I really can't put off creating an endgame database for my checkers program for much longer. I've been studying the so-called "First Position" for a while, and it's basically hopeless to find the way through to the win for white from this position:
White +--------+ | - - - -| |- - - R | | - - - -| |- - - - | | - - - -| |- w - - | | - - w -| |- r - - | +--------+ Red
What's so difficult about this? It's a very, very tricky position. As Jim Loy says, "The procedure: Force the piece to advance by immobilizing the king. The king and piece cannot both fit in the double corner, so the king is forced out, where his situation is hopeless." Easier said than done! Try following his analysis all the way through. Milhouse can't even seem to find the right winning combination from Figure 8, falling into a draw by repetion where it can't make any headway in self play.

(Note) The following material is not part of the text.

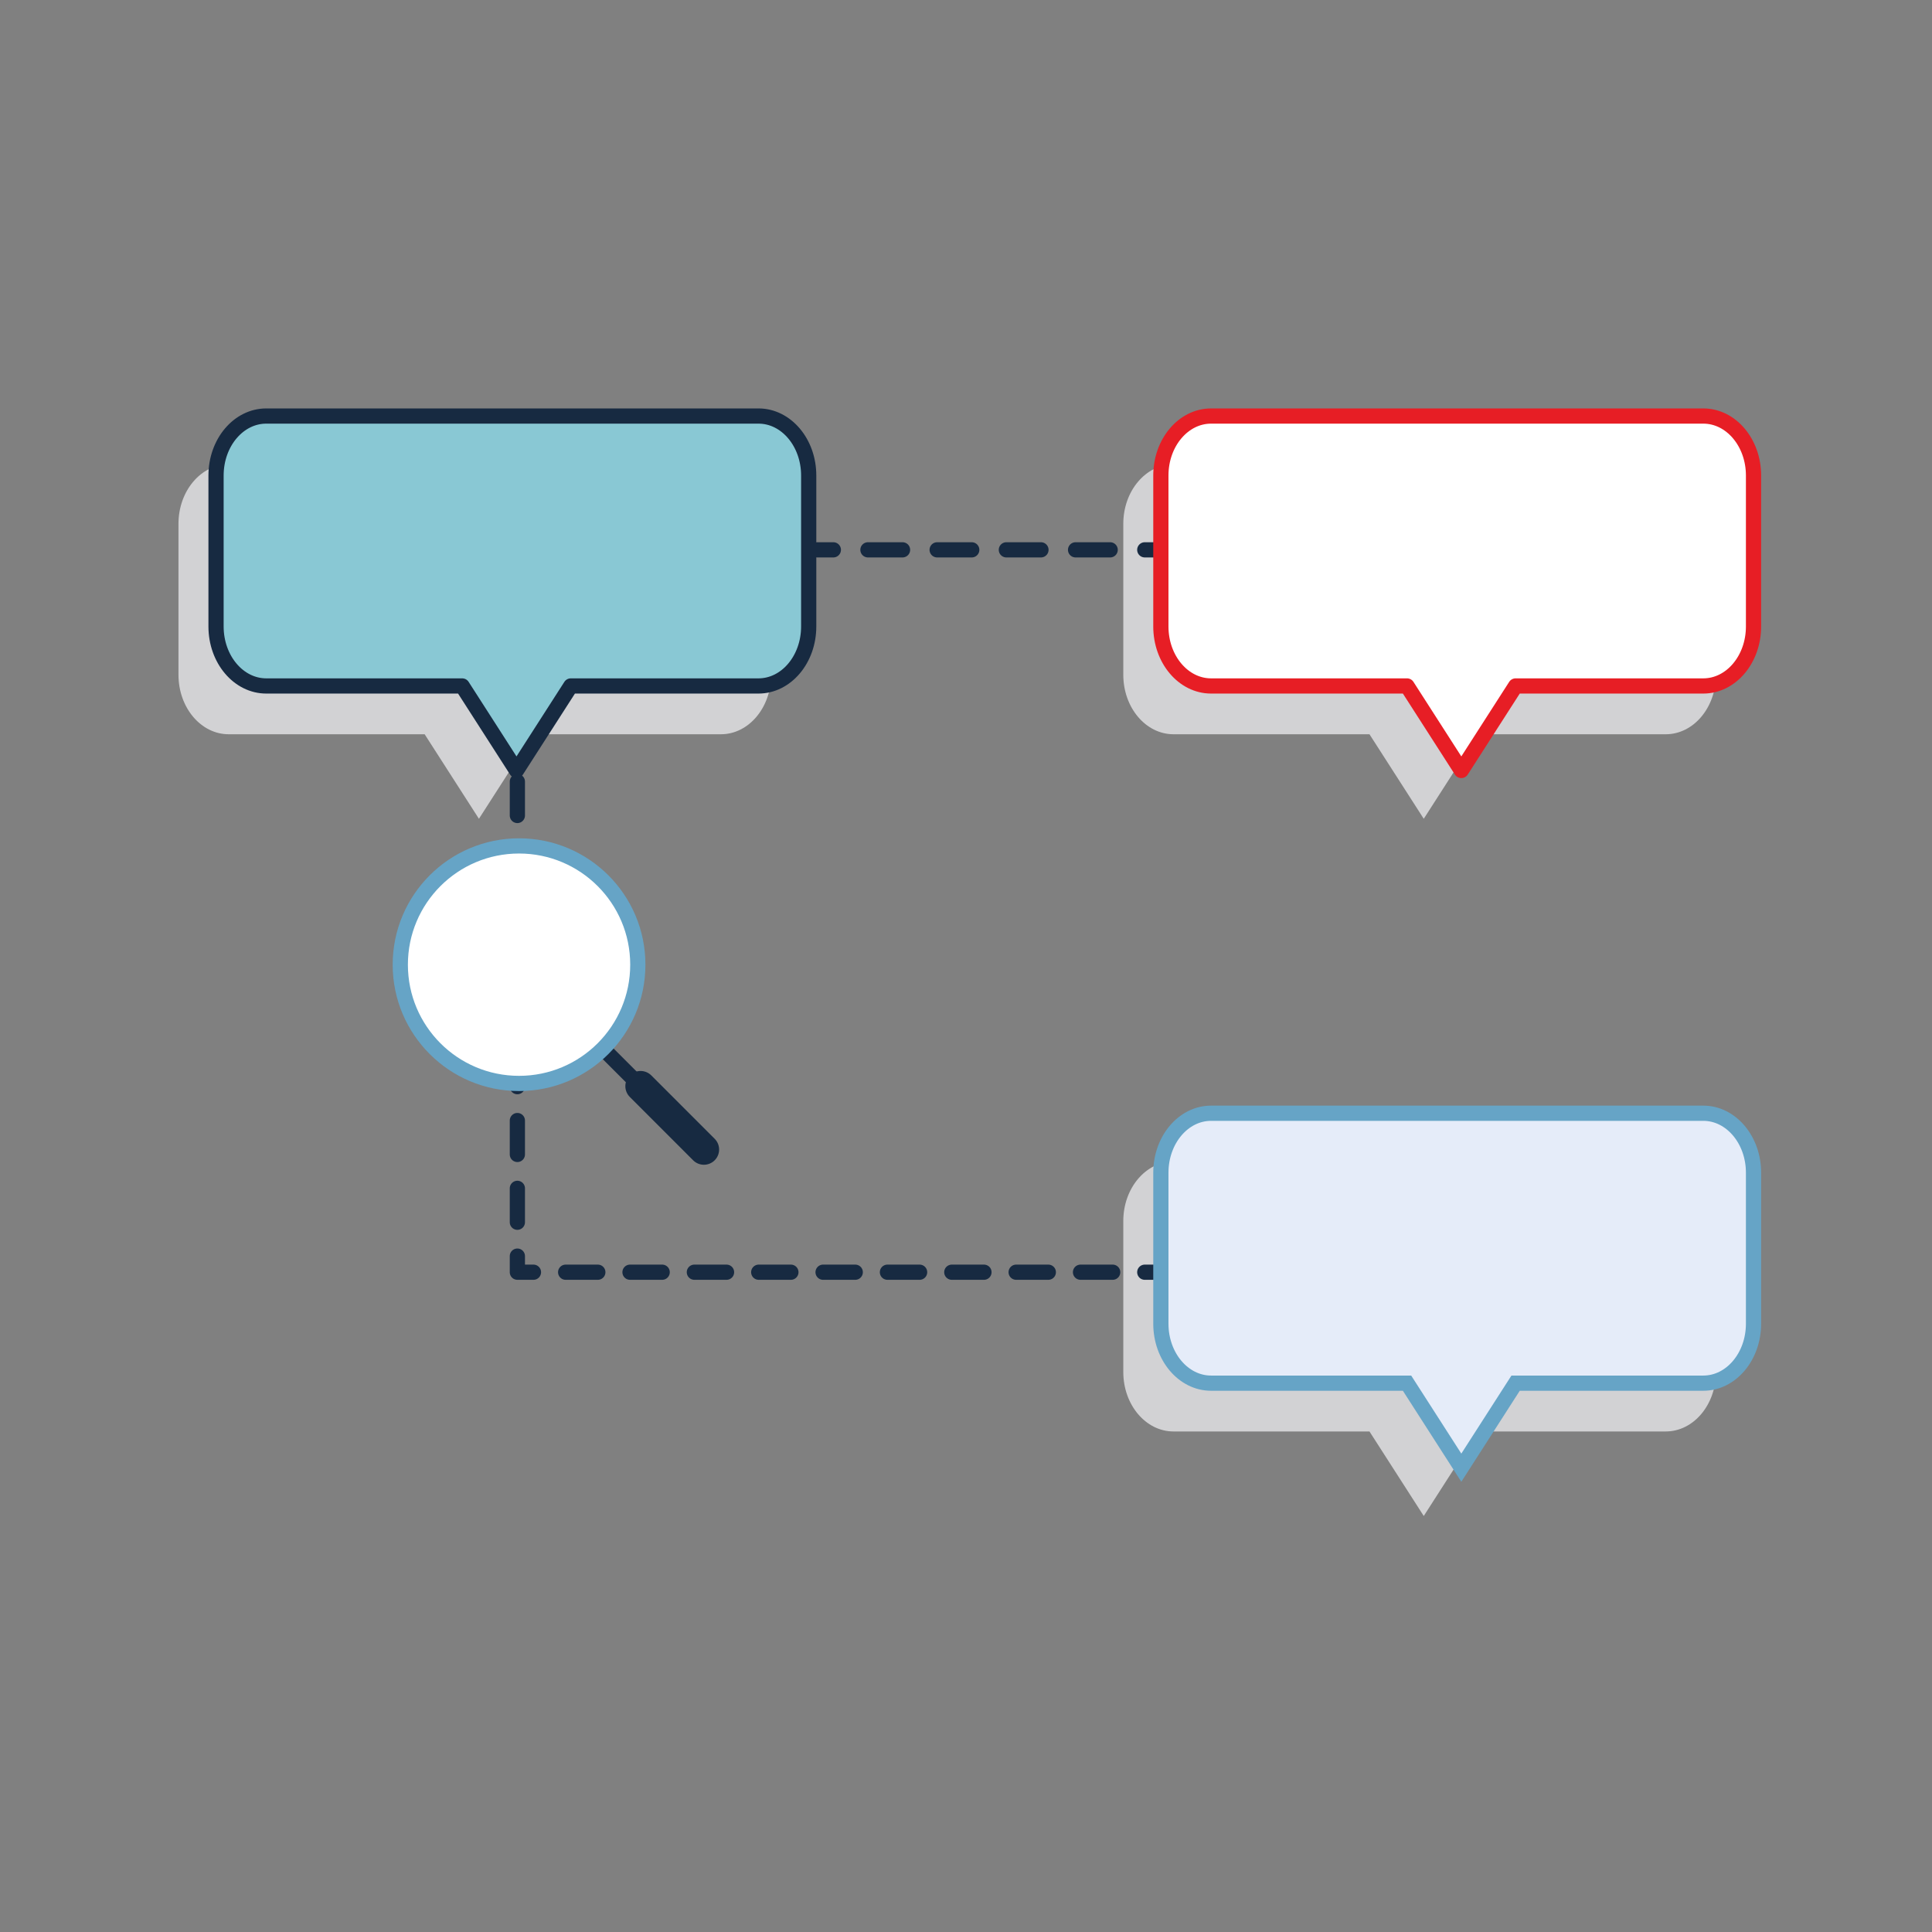 <?xml version="1.0" encoding="UTF-8"?><svg id="ICONS" xmlns="http://www.w3.org/2000/svg" viewBox="0 0 180 180"><rect x="0" y="0" width="180" height="180" fill="#808080" stroke="none"/><path d="M67.167,43.261H21.306c-2.584,0-4.678,2.48-4.678,5.54v14.068c0,3.059,2.094,5.54,4.678,5.54h18.258l5.057,7.875,5.057-7.875h17.489c2.584,0,4.678-2.48,4.678-5.54v-14.068c0-3.06-2.094-5.54-4.678-5.54Z" fill="#d2d2d4"/><path d="M155.194,43.261h-45.861c-2.584,0-4.678,2.48-4.678,5.54v14.068c0,3.059,2.094,5.54,4.678,5.54h18.258l5.057,7.875,5.057-7.875h17.489c2.584,0,4.678-2.48,4.678-5.54v-14.068c0-3.06-2.094-5.54-4.678-5.54Z" fill="#d2d2d4"/><path d="M155.194,108.218h-45.861c-2.584,0-4.678,2.48-4.678,5.54v14.068c0,3.059,2.094,5.54,4.678,5.54h18.258l5.057,7.875,5.057-7.875h17.489c2.584,0,4.678-2.48,4.678-5.54v-14.068c0-3.06-2.094-5.54-4.678-5.54Z" fill="#d2d2d4"/><g><line x1="76.141" y1="51.227" x2="77.641" y2="51.227" fill="none" stroke="#172a41" stroke-linecap="round" stroke-linejoin="round" stroke-width="1.417"/><line x1="80.864" y1="51.227" x2="105.043" y2="51.227" fill="none" stroke="#172a41" stroke-dasharray="0 0 3.224 3.224" stroke-linecap="round" stroke-linejoin="round" stroke-width="1.417"/><line x1="106.655" y1="51.227" x2="108.155" y2="51.227" fill="none" stroke="#172a41" stroke-linecap="round" stroke-linejoin="round" stroke-width="1.417"/></g><g><line x1="48.202" y1="61.845" x2="48.202" y2="63.345" fill="none" stroke="#172a41" stroke-linecap="round" stroke-linejoin="round" stroke-width="1.417"/><line x1="48.202" y1="66.503" x2="48.202" y2="115.45" fill="none" stroke="#172a41" stroke-dasharray="0 0 3.158 3.158" stroke-linecap="round" stroke-linejoin="round" stroke-width="1.417"/><polyline points="48.202 117.029 48.202 118.529 49.702 118.529" fill="none" stroke="#172a41" stroke-linecap="round" stroke-linejoin="round" stroke-width="1.417"/><line x1="52.7" y1="118.529" x2="105.156" y2="118.529" fill="none" stroke="#172a41" stroke-dasharray="0 0 2.998 2.998" stroke-linecap="round" stroke-linejoin="round" stroke-width="1.417"/><line x1="106.655" y1="118.529" x2="108.155" y2="118.529" fill="none" stroke="#172a41" stroke-linecap="round" stroke-linejoin="round" stroke-width="1.417"/></g><path d="M70.667,38.761H24.806c-2.584,0-4.678,2.48-4.678,5.54v14.068c0,3.059,2.094,5.54,4.678,5.54h18.258l5.057,7.875,5.057-7.875h17.489c2.584,0,4.678-2.48,4.678-5.54v-14.068c0-3.06-2.094-5.54-4.678-5.54Z" fill="#89c8d4" stroke="#172a41" stroke-linecap="round" stroke-linejoin="round" stroke-width="1.417"/><line x1="59.679" y1="101.197" x2="65.581" y2="107.1" fill="none" stroke="#172a41" stroke-linecap="round" stroke-miterlimit="10" stroke-width="2.835"/><line x1="56.229" y1="97.748" x2="62.305" y2="103.824" fill="none" stroke="#172a41" stroke-miterlimit="10" stroke-width="1.417"/><circle cx="48.359" cy="89.877" r="11.065" fill="#fff" stroke="#66a4c6" stroke-linecap="round" stroke-miterlimit="10" stroke-width="1.417"/><path d="M158.694,38.761h-45.861c-2.584,0-4.678,2.48-4.678,5.54v14.068c0,3.059,2.094,5.54,4.678,5.54h18.258l5.057,7.875,5.057-7.875h17.489c2.584,0,4.678-2.48,4.678-5.54v-14.068c0-3.06-2.094-5.54-4.678-5.54Z" fill="#fff" stroke="#e71e25" stroke-linecap="round" stroke-linejoin="round" stroke-width="1.417"/><path d="M158.694,103.718h-45.861c-2.584,0-4.678,2.48-4.678,5.54v14.068c0,3.059,2.094,5.54,4.678,5.54h18.258l5.057,7.875,5.057-7.875h17.489c2.584,0,4.678-2.48,4.678-5.54v-14.068c0-3.06-2.094-5.54-4.678-5.54Z" fill="#e5ecf9" stroke="#66a4c6" stroke-miterlimit="10" stroke-width="1.417"/></svg>

Here's a link to the "perfect play". 93 moves. First Position with Optimizations
Addendum: During play against the novice level of Chinook, I ended up on the losing side of a 4 on 3 king endgame. But here's the thing: Chinook seemed to take a very, very long time in converting the endgame into the more manageable 3 on 2 endgame. It does point out a problem though: the endgame databases contain only whether a given move is a win, loss or draw. In many cases, all possible moves are still wins, but you may not actually make any headway in reaching the endgame. For instance, check out the following position queried from the endgame database:
All available moves for white are wins (not too hard to believe, since white is up a king), but the question remains which move should I make? If you can't see a "conversion" (an exchange or capture which simplifies the position) in your search depth, then you aren't guaranteed to make any headway towards winning the game, and you kind of march around, hoping to stumble into the winning line.
You can build a database which stores the optimal move at any given position, but of course that takes more memory. Still, I think the 5 piece subset, and probably the 6 piece "perfect play" endgame databases are pretty reasonable given modern machines. That's where I'm heading.